The Failure Space of Clinical Trials – Protocol Deviations and Events

Let us turn our failure space model, and level of problems, to deviations in a clinical trial. This is one of those areas that regulations and tribal practice have complicated, perhaps needlessly. It is also complicated by the different players of clinical sites, sponsor, and usually these days a number of Contract Research Organizations (CRO).

What is a Protocol Deviation?

Protocol deviation is any change, divergence, or departure from the study design or procedures defined in the approved protocol.

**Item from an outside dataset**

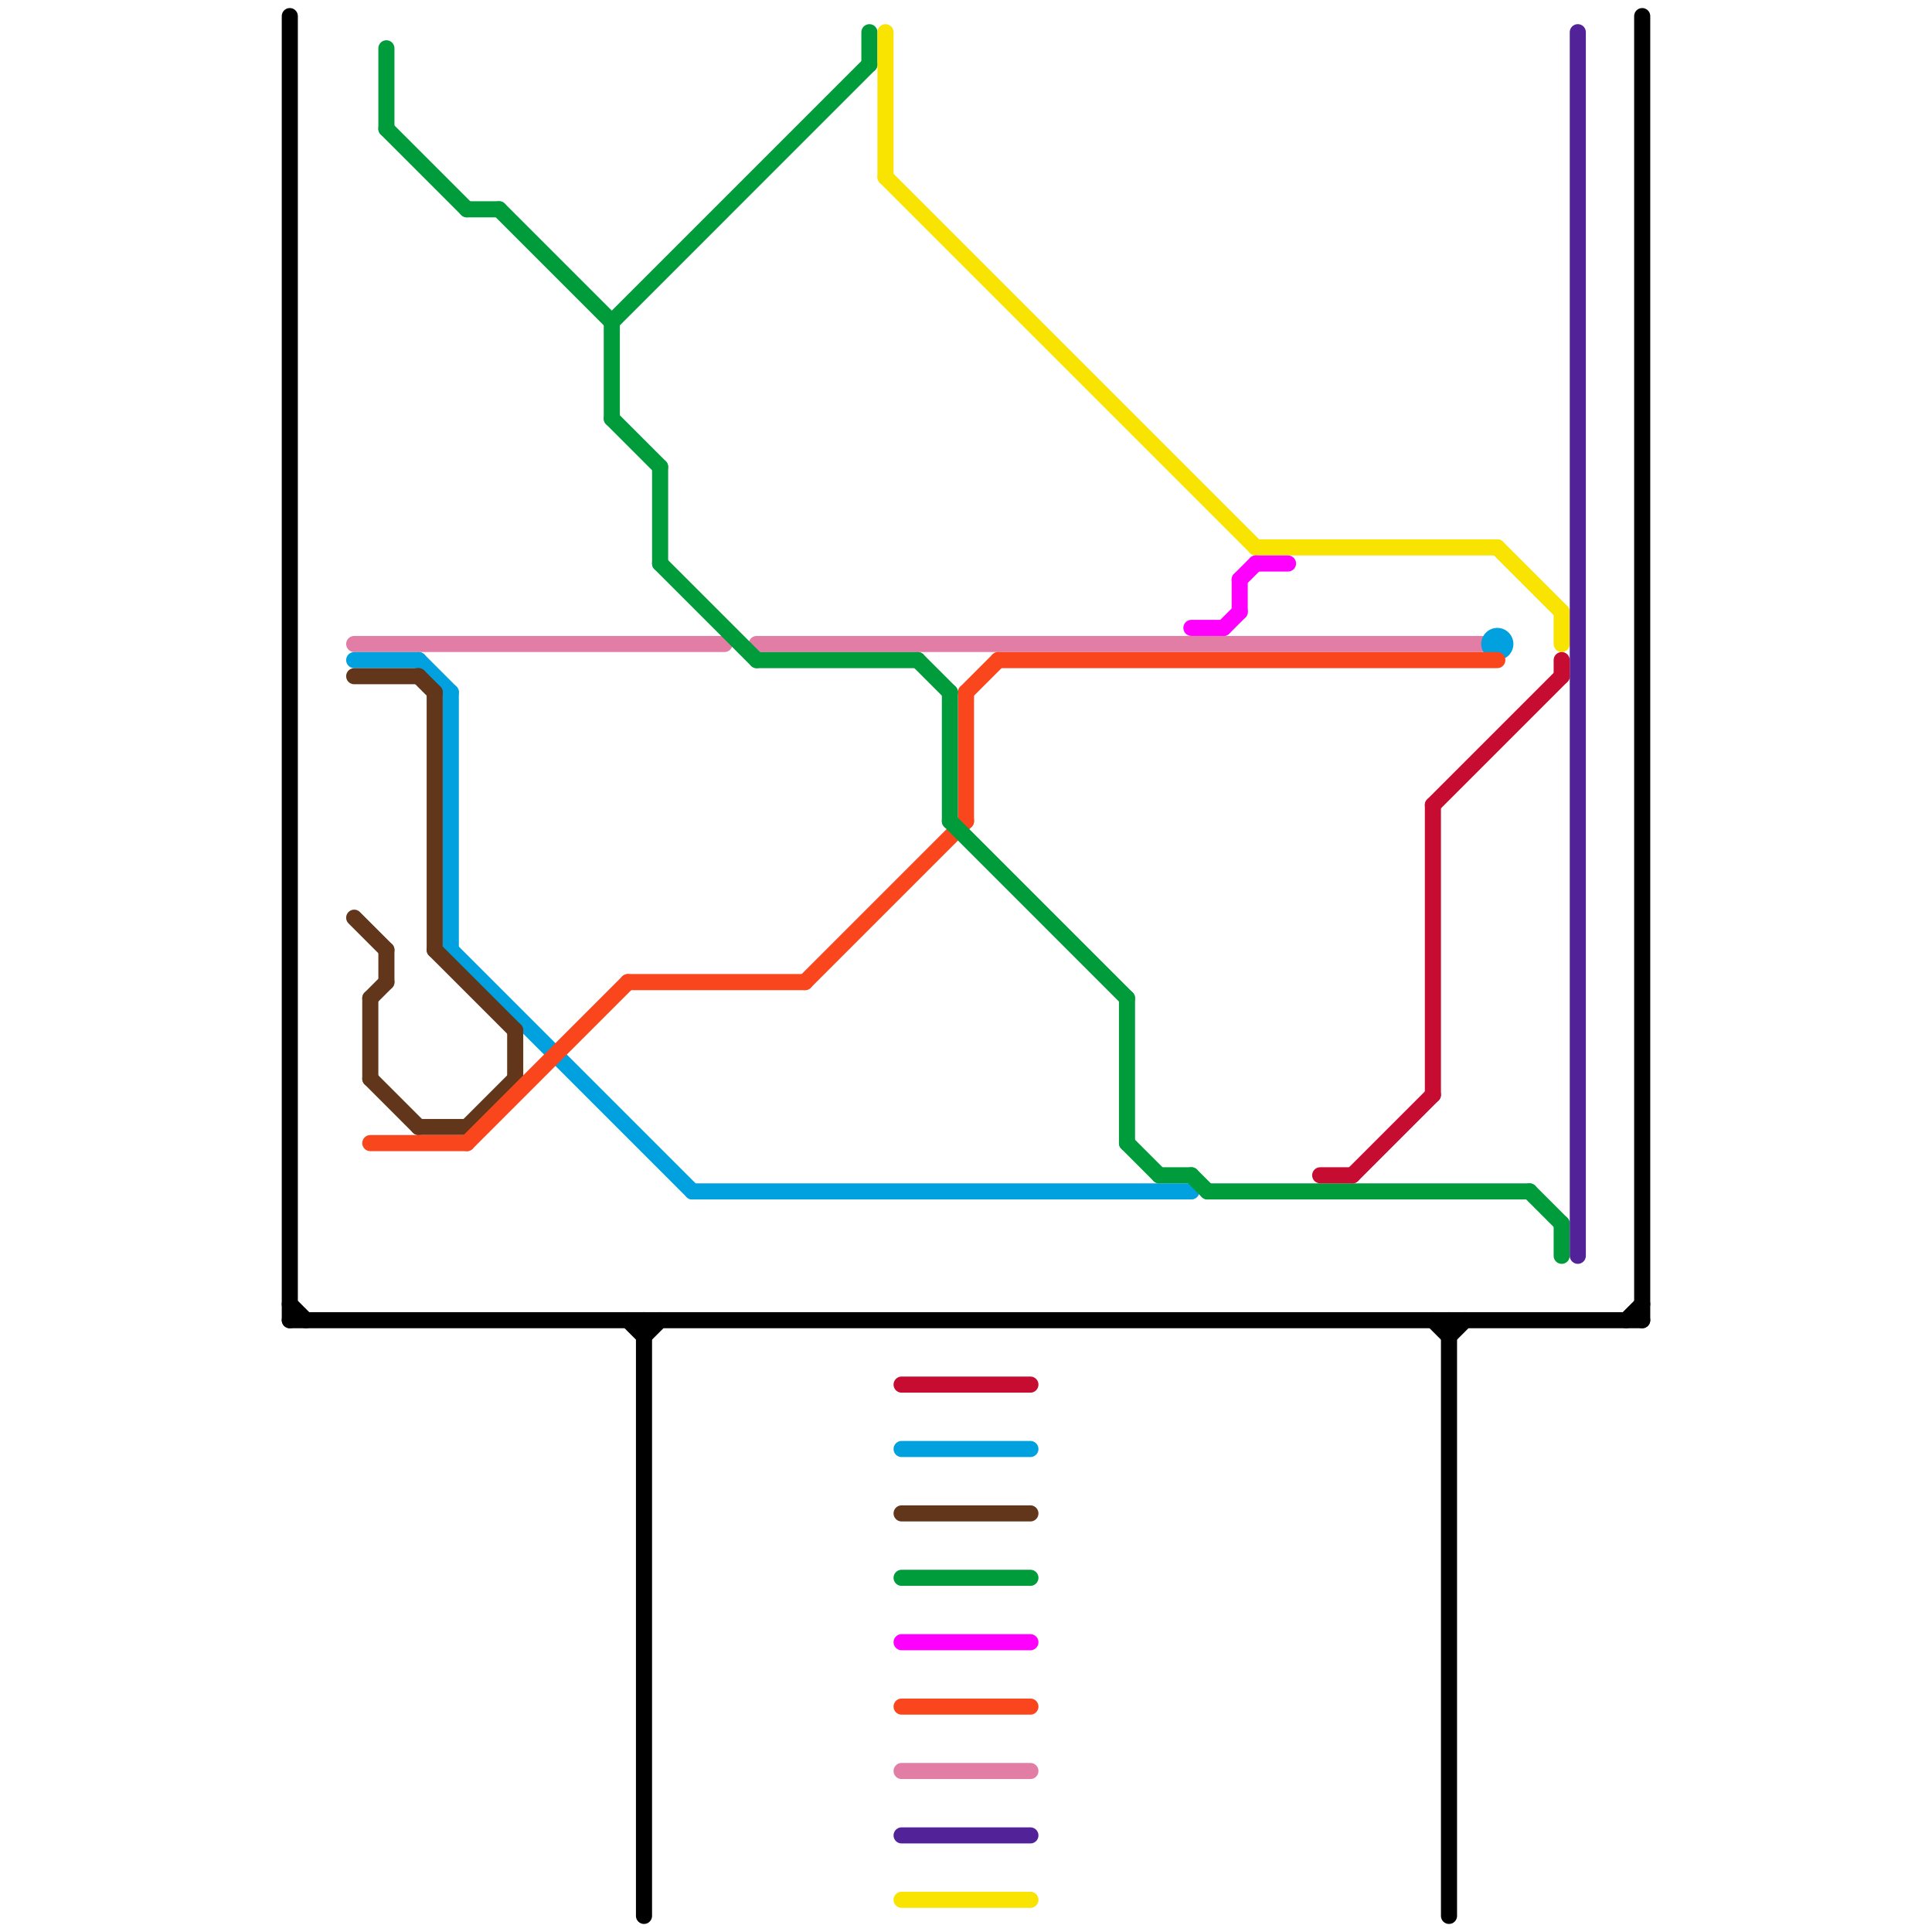 
<svg version="1.1" xmlns="http://www.w3.org/2000/svg" viewBox="0 0 120 120">
<style>text { font: 1px Helvetica; font-weight: 600; white-space: pre; dominant-baseline: central; } line { stroke-width: 1; fill: none; stroke-linecap: round; stroke-linejoin: round; } .c0 { stroke: #000000 } .c1 { stroke: #e27ea6 } .c2 { stroke: #00a1de } .c3 { stroke: #62361b } .c4 { stroke: #f9461c } .c5 { stroke: #009b3a } .c6 { stroke: #f9e300 } .c7 { stroke: #ff00ff } .c8 { stroke: #522398 } .c9 { stroke: #c60c30 }</style><defs><g id="wm-xf"><circle r="1.2" fill="#000"/><circle r="0.9" fill="#fff"/><circle r="0.6" fill="#000"/><circle r="0.3" fill="#fff"/></g><g id="wm"><circle r="0.6" fill="#000"/><circle r="0.3" fill="#fff"/></g></defs><line class="c0" x1="18" y1="1" x2="18" y2="82"/><line class="c0" x1="90" y1="83" x2="91" y2="82"/><line class="c0" x1="101" y1="82" x2="102" y2="81"/><line class="c0" x1="39" y1="82" x2="40" y2="83"/><line class="c0" x1="18" y1="82" x2="102" y2="82"/><line class="c0" x1="40" y1="83" x2="41" y2="82"/><line class="c0" x1="90" y1="82" x2="90" y2="119"/><line class="c0" x1="102" y1="1" x2="102" y2="82"/><line class="c0" x1="18" y1="81" x2="19" y2="82"/><line class="c0" x1="40" y1="82" x2="40" y2="119"/><line class="c0" x1="89" y1="82" x2="90" y2="83"/><line class="c1" x1="56" y1="110" x2="64" y2="110"/><line class="c1" x1="22" y1="40" x2="45" y2="40"/><line class="c1" x1="47" y1="40" x2="92" y2="40"/><line class="c2" x1="28" y1="59" x2="43" y2="74"/><line class="c2" x1="28" y1="43" x2="28" y2="59"/><line class="c2" x1="22" y1="41" x2="26" y2="41"/><line class="c2" x1="43" y1="74" x2="74" y2="74"/><line class="c2" x1="26" y1="41" x2="28" y2="43"/><line class="c2" x1="56" y1="90" x2="64" y2="90"/><circle cx="93" cy="40" r="1" fill="#00a1de" /><line class="c3" x1="23" y1="67" x2="26" y2="70"/><line class="c3" x1="32" y1="64" x2="32" y2="67"/><line class="c3" x1="27" y1="43" x2="27" y2="59"/><line class="c3" x1="27" y1="59" x2="32" y2="64"/><line class="c3" x1="22" y1="42" x2="26" y2="42"/><line class="c3" x1="24" y1="59" x2="24" y2="61"/><line class="c3" x1="26" y1="42" x2="27" y2="43"/><line class="c3" x1="23" y1="62" x2="24" y2="61"/><line class="c3" x1="26" y1="70" x2="29" y2="70"/><line class="c3" x1="22" y1="57" x2="24" y2="59"/><line class="c3" x1="23" y1="62" x2="23" y2="67"/><line class="c3" x1="56" y1="94" x2="64" y2="94"/><line class="c3" x1="29" y1="70" x2="32" y2="67"/><line class="c4" x1="23" y1="71" x2="29" y2="71"/><line class="c4" x1="56" y1="106" x2="64" y2="106"/><line class="c4" x1="62" y1="41" x2="93" y2="41"/><line class="c4" x1="39" y1="61" x2="50" y2="61"/><line class="c4" x1="60" y1="43" x2="62" y2="41"/><line class="c4" x1="60" y1="43" x2="60" y2="51"/><line class="c4" x1="29" y1="71" x2="39" y2="61"/><line class="c4" x1="50" y1="61" x2="60" y2="51"/><line class="c5" x1="57" y1="41" x2="59" y2="43"/><line class="c5" x1="47" y1="41" x2="57" y2="41"/><line class="c5" x1="74" y1="73" x2="75" y2="74"/><line class="c5" x1="59" y1="51" x2="70" y2="62"/><line class="c5" x1="41" y1="35" x2="47" y2="41"/><line class="c5" x1="56" y1="98" x2="64" y2="98"/><line class="c5" x1="31" y1="13" x2="38" y2="20"/><line class="c5" x1="41" y1="29" x2="41" y2="35"/><line class="c5" x1="24" y1="8" x2="29" y2="13"/><line class="c5" x1="95" y1="74" x2="97" y2="76"/><line class="c5" x1="29" y1="13" x2="31" y2="13"/><line class="c5" x1="72" y1="73" x2="74" y2="73"/><line class="c5" x1="38" y1="20" x2="38" y2="26"/><line class="c5" x1="38" y1="20" x2="54" y2="4"/><line class="c5" x1="97" y1="76" x2="97" y2="78"/><line class="c5" x1="59" y1="43" x2="59" y2="51"/><line class="c5" x1="70" y1="71" x2="72" y2="73"/><line class="c5" x1="54" y1="2" x2="54" y2="4"/><line class="c5" x1="75" y1="74" x2="95" y2="74"/><line class="c5" x1="24" y1="3" x2="24" y2="8"/><line class="c5" x1="38" y1="26" x2="41" y2="29"/><line class="c5" x1="70" y1="62" x2="70" y2="71"/><line class="c6" x1="78" y1="34" x2="93" y2="34"/><line class="c6" x1="97" y1="38" x2="97" y2="40"/><line class="c6" x1="55" y1="11" x2="78" y2="34"/><line class="c6" x1="55" y1="2" x2="55" y2="11"/><line class="c6" x1="93" y1="34" x2="97" y2="38"/><line class="c6" x1="56" y1="118" x2="64" y2="118"/><line class="c7" x1="56" y1="102" x2="64" y2="102"/><line class="c7" x1="74" y1="39" x2="76" y2="39"/><line class="c7" x1="78" y1="35" x2="80" y2="35"/><line class="c7" x1="76" y1="39" x2="77" y2="38"/><line class="c7" x1="77" y1="36" x2="78" y2="35"/><line class="c7" x1="77" y1="36" x2="77" y2="38"/><line class="c8" x1="98" y1="2" x2="98" y2="78"/><line class="c8" x1="56" y1="114" x2="64" y2="114"/><line class="c9" x1="97" y1="41" x2="97" y2="42"/><line class="c9" x1="89" y1="50" x2="97" y2="42"/><line class="c9" x1="56" y1="86" x2="64" y2="86"/><line class="c9" x1="89" y1="50" x2="89" y2="68"/><line class="c9" x1="82" y1="73" x2="84" y2="73"/><line class="c9" x1="84" y1="73" x2="89" y2="68"/>
</svg>

Protocol deviations may include unplanned instances of protocol noncompliance. For example, situations in which the clinical investigator failed to perform tests or examinations as required by the protocol or failures on the part of subjects to complete scheduled visits as required by the protocol, would be considered protocol deviations.

In the case of deviations which are planned exceptions to the protocol such deviations should be reviewed and approved by the IRB, the sponsor, and by the FDA for medical devices, prior to implementation, unless the change is necessary to eliminate apparent immediate hazards to the human subjects (21 CFR 312.66), or to protect the life or physical well-being of the subject (21 CFR 812.150(a)(4)).

The FDA, July 2020. Compliance Program Guidance Manual for Clinical Investigator Inspections (7348.811).

In assessing protocol deviations/violations, the FDA instructs field staff to determine whether changes to the protocol were: (1) documented by an amendment, dated, and maintained with the protocol; (2) reported to the sponsor (when initiated by the clinical investigator); and (3) approved by the IRB and FDA (if applicable) before implementation (except when necessary to eliminate apparent immediate hazard(s) to human subjects).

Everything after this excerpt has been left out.